Malgré ce sombre tableau, ces pauvres temps pour l’amour, j’ose continuer à croire que le sexe a un sens. Il n’est pas qu’un acte entièrement gratuit de consommation. Il est communion, fusion, rencontre de deux sensibilités. Pour moi, le sexe est métaphysique, car il ouvre à une réalité autre : le plaisir à deux, sublimé, est un abîme, quelque chose qui nous dépasse. Mais irréfléchi, consommé avidement comme une boîte de gâteaux, il ne sera jamais abîme : un pur assouvissement des besoins physiques. Il est peut-être nécessaire de retourner à cela : une re-sacralisation du sexe, qui refasse de ce dernier l’aboutissement final et logique de l’amour et non pas seulement sa première étape. Faisons des années 2000 des années poétiques, excessives, contre la « tiédeur » du progrès moral qui a honteusement fait du sexe un acte de consommation banal.

mercredi 29 avril 2009

Lui

Ils déambulaient dans la ville, sans trop savoir encore où ils allaient. Paris, c’était un peu comme elle : il avait peur qu’en étant loin d’elle, il ne la reconnaisse plus quand il reviendrait, et qu’ainsi il laisse d’autres hommes habiter son cœur et son corps. Derrière ses grands yeux mats, il la redoutait, elle et sa candeur. Il lui demandait ses bonnes raisons pour l’aimer. Elle lui répondait : « J’aime ton sourire, ta vision poétique du monde, les grains de beauté sur ton torse, tes sarcasmes, ton regard lourd quand tu me vois nue, ton regard clair après que tu m’as fait l’amour.

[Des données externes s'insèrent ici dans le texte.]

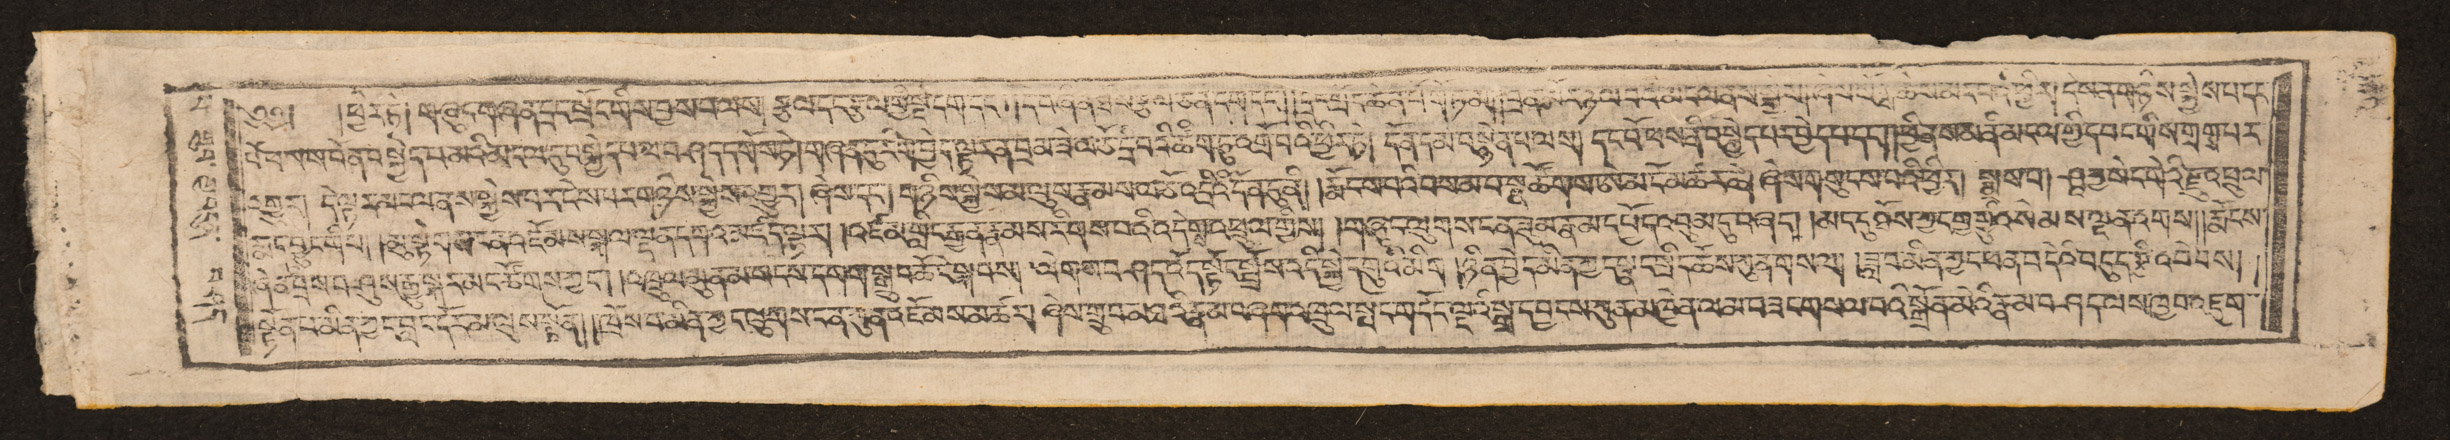༄༅། །ཕྱིར་ཏེ། གཞུང་གཞན་དྲང་སྲོང་གིས་བྱས་པ་ལས། རྩལ་དང་རྩལ་གྱི་སྡེ་དག་དང་། །དེ་བཞིན་ཐོབ་རྩལ་ཅན་དག་དང་། །དྲང་སྲོང་ཆེན་པོ་གོ་ཏ་མ། །བྲན་མོར་ཉལ་བའི་མངལ་ནས་སྐྱེས། ཞེས་སོགས་ཆེས་མང་བའི་ཕྱིར། ངེས་ན་གཉིས་
སྐྱེས་བ་དང་པོ་ཕས་ས་བོན་བསྐྱེད་པ་མའི་མངལ་དུ་བསྐྱེད་པ་ལ་བཤད་དགོས་ཏེ། གཞན་དུ་རིག་བྱེད་ལྟར་ན་བྲམ་ཟེ་ལ་ཅོ་དྲི་བའི་ཚིག་ཏུ་འགྲོ་བའི་ཕྱིར་ཏེ། དོན་དམ་བསྙེན་པ་ལས། དང་པོ་ཕས་ནི་བསྐྱེད་པར་བྱེད་པ་དང་། ཕྱི་ནས་མ་ནི་མངལ་གྱི་དབང་གིས་
གྲགས་པར་འགྱུར། དེ་ལྟར་མངལ་ནས་སྐྱེས་པར་ངེས་པར་གཉིས་སྐྱེས་འགྱུར། ཞེས་དང་། གཉིས་སྐྱེས་མ་ལུས་རྣམས་ལ་ཅོ་འདྲིའི་དོན་དུ་ནི། །རྨོངས་པའི་བསམ་པ་སྣ་ཚོགས་ཨེ་མངོ་མཚར་ཆེ། ཞེས་གསུངས་བའི་ཕྱིར། སྨྲས་པ། ཤཱཀྱ་སེང་གེའི་རྫུ་འཕྲུལ་
རྨད་བྱུང་གིས། །མུ་སྟེགས་ངན་འཇོམས་སྐལ་ལྡན་དགའ་མཛད་ལྟར། །འཛམ་གླིང་རྒྱ་ན་རྣམས་རིགས་པའི་འདེགས་འཕྲུལ་གྱིས། གཞུང་ལུགས་ངན་ཟུམ་རྣམ་དཔྱོད་འབུམ་དུས་ཞད། །མང་དུ་ཐོས་ཀྱང་གྱ་གྱུའི་སེམས་ལྡན་འགས། །རྨོངས་
ཞེན་བྲིས་བ་ཤུས་རྒྱུ་སྐར་མང་ཚོགས་ཀྱང་། །འཁྲུལ་མུན་མ་སངས་དགག་སྒྲུབ་ཆོ་དེ་སྐབས། །ལེགས་བཤད་འོད་སྟོང་སྤྲོས་འདི་སྐྱེ་དགུའི་མིག། ཉིན་བྱེད་མིན་ཀྱང་སྣང་སྲིད་ཆོས་ཀུན་གསལ། །ཟླས་མིན་ཀྱང་ཕན་བདེའི་བདུད་རྩི་འབེབས། །
སྟོན་པ་མིན་ཀྱང་བླང་དོར་མ་ལུས་སྟོན། །ཁྲོས་པ་མིན་ཀྱང་ལུགས་ངན་ཀུན་འཇོམས་མཚར། ཞེས་གྲུབ་མཐུའི་རྣམ་བཞག་འཁྲུལ་སྤོང་གདོང་ལྔའི་སྒྲ་དབྱངས་ཀུན་མཁྱེན་ལམ་བཟང་གསལ་བའི་སྒྲོན་མེའི་རྣམ་བཤད་ལས་ཁྱབ་འཇུག་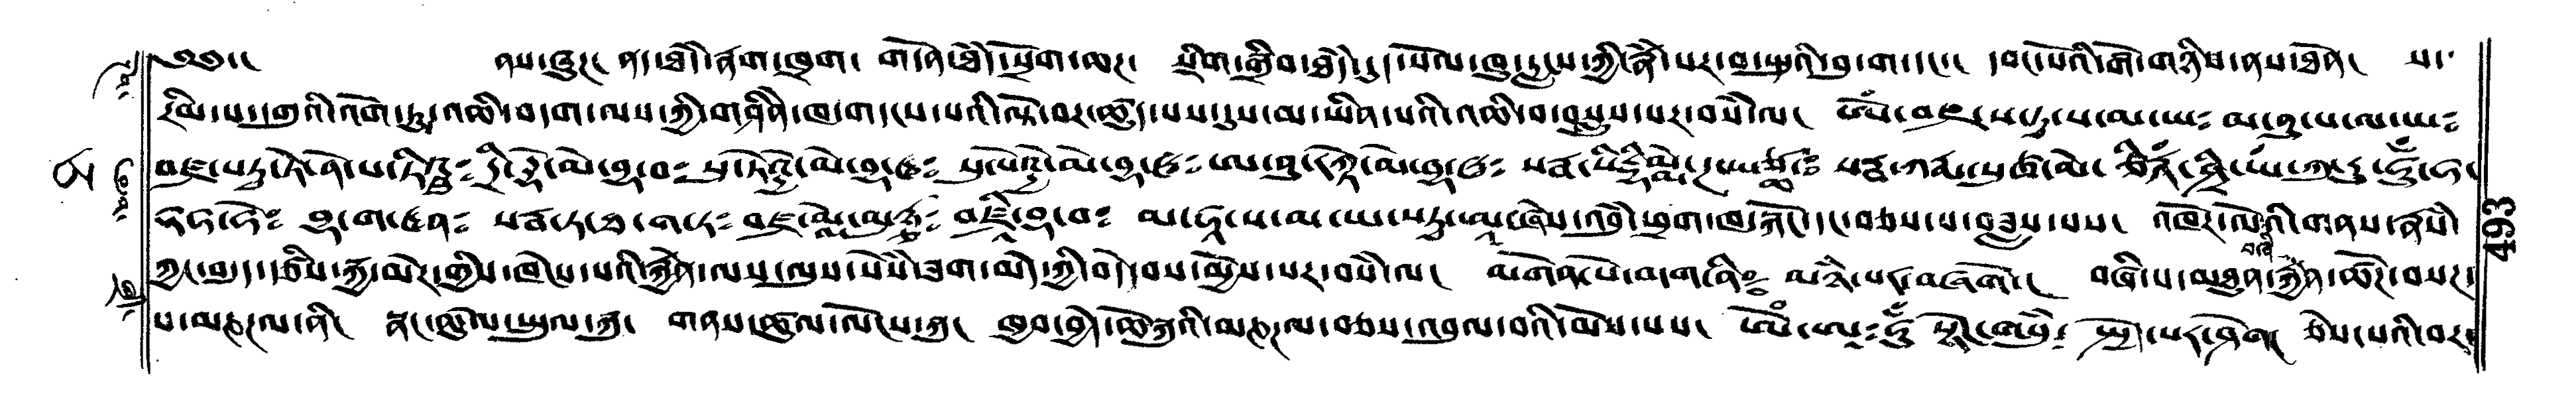ནས་ཞུགས། ནད་ཐམས་ཅད་རྣག་ཁྲག གདོན་ཐམས་ཅད་སྲོག་ཆགས། སྡིག་སྒྲིབ་ཐམས་ཅད་དུད་སོལ་ཁུ་རླངས་ཀྱི་རྣམ་པར་བ་སྤུའི་བུ་ག་དང་། དབང་པོའི་སྒོ་གཉིས་ནས་ཐོན། ས་
རིམ་པ་དགུའི་འོག་ཏུ་འཆི་བདག་ལས་ཀྱི་གཤིན་རྗེ་ཁ་གདངས་པའི་ལྟོ་བར་ཚུད་པས་དུས་མ་ཡིན་པའི་འཆི་བ་བསླུས་པར་བསམ་ལ། ཨོཾ་བཛྲ་ས་ཏྭ་ས་མ་ཡ༔ མ་ནུ་པ་ལ་ཡ༔ 
བཛྲ་སཏྭ་ཏེ་ནོ་པ་ཏིཥྛ༔ དྲི་དྷོ་མེ་བྷ་བ༔ སུ་ཏོརྱོ་མེ་བྷ་ཝ༔ སུ་པོརྱོ་མེ་བྷ་ཝ༔ ཨ་ནུ་རཀྟོ་མེ་བྷ་ཝ༔ སརྦ་སིདྡྷིམྨེ་ཌ་ཡཙྪ༔ སརྦ་ཀརྨ་སུ་ཚ་མེ་ཙིཏཾ་ཤྲཱི་ཡཾ་ཀུ་རུ་ཧཱུྃ་ཧ་
ཧ་ཧ་ཧ་ཧོ༔ བྷ་ག་ཝན༔ སརྦ་ཏ་ཐཱ་ག་ཏ༔ བཛྲ་མྨེ་མུཉྩ༔ བཛྲཱི་བྷ་བ༔ མ་ཧཱ་ས་མ་ཡ་སཏྭ་ཨཱཿ ཞེས་འབུམ་ཕྲག་ཁ་སྐོང་དང་བཅས་པ་བཟླས་པས། འཁོར་ལོ་བཞིའི་གནས་རྣམས་
ཀྱང་བདུད་རྩིས་སྐྱ་མེར་གྱིས་ཁེངས་པའི་རྐྱེན་ལས་ལུས་སེམས་ཟག་མེད་ཀྱི་བདེ་བས་མྱོས་པར་བསམ་ལ། མགོན་པོ་བདག་ནི༴ མཉམ་པར་གཞག་གོ བཞི་བ་མཐུན་རྐྱེན་ཚོགས་བསགས་
པ་མཎྜལ་ནི། སྣང་ཚུལ་སྤྲུལ་སྐུ། གནས་ཚུལ་ལོངས་སྐུ། ཁྱབ་བྱེད་ཆོས་སྐུའི་མཎྜལ་བཅས་འབུལ་བའི་མོས་པས། ཨོཾ་ཨཱ༔ཧཱུྃ༔ སྟོང་གསུམ༴ སྤྱོད་པར་ཤོག༔ ཅེས་པའི་བར་

J’aime ton odeur, la façon dont tu mets ton bras sur mes épaules quand on marche comme si tu voulais dire aux autres que je ne suis qu’à toi. Je t’aime pour tout cela, parce que tu es à moi d’une manière unique, comme je suis à toi d’une manière unique, comme je ne l’ai été et ne le serai jamais avec aucun autre. Parce que tu es toi ».
Alors, ils repartaient, toujours plus loin sur les trottoirs secs, avec dans la bouche un avant-goût de printemps au beau milieu de l’hiver.

lundi 27 avril 2009

La femme de fer

C’était l’après-midi. Dehors, le vent murmurant contre la fenêtre dispersait les nuages. Dans la chambre, un autre murmure : le cliquetis mécanique des cheveux d’Eve qui tapaient contre les épaules de l’amant. Tandis que le fer froid tombait goutte à goutte sur leurs corps nus, leurs mains et leurs jambes entrelacés dans un bruissement furtif donnaient naissance aux soupirs rauques. Les draps plissés frottaient contre la peau douce et ses bas qu’elle avait gardé.
- Fusion intemporelle -
On voyait des stries de soleil passer à travers le filtre des volets.
Leur union finie, ils restèrent longtemps ensemble, l’un dans l’autre, jusqu’à ce que le soleil meure et que leurs cœurs s’apaisent… La main toujours perdue dans les cheveux d’Eve, l’amant s’étonna : « Encore ? ». Eve ne répondit rien, se contenta de sourire, les joues rouges et le souffle court. Puis, il lui dit: « J’avais l’impression que tes cheveux étaient en fer ». Elle sourit de plus belle. Les cheveux libres enfin, humide, elle le serra plus fort, et alors le métal des barrettes éparpillées sur le lit eut l’éclat de leurs yeux perdus : « Ta femme. Je suis ta femme de fer ».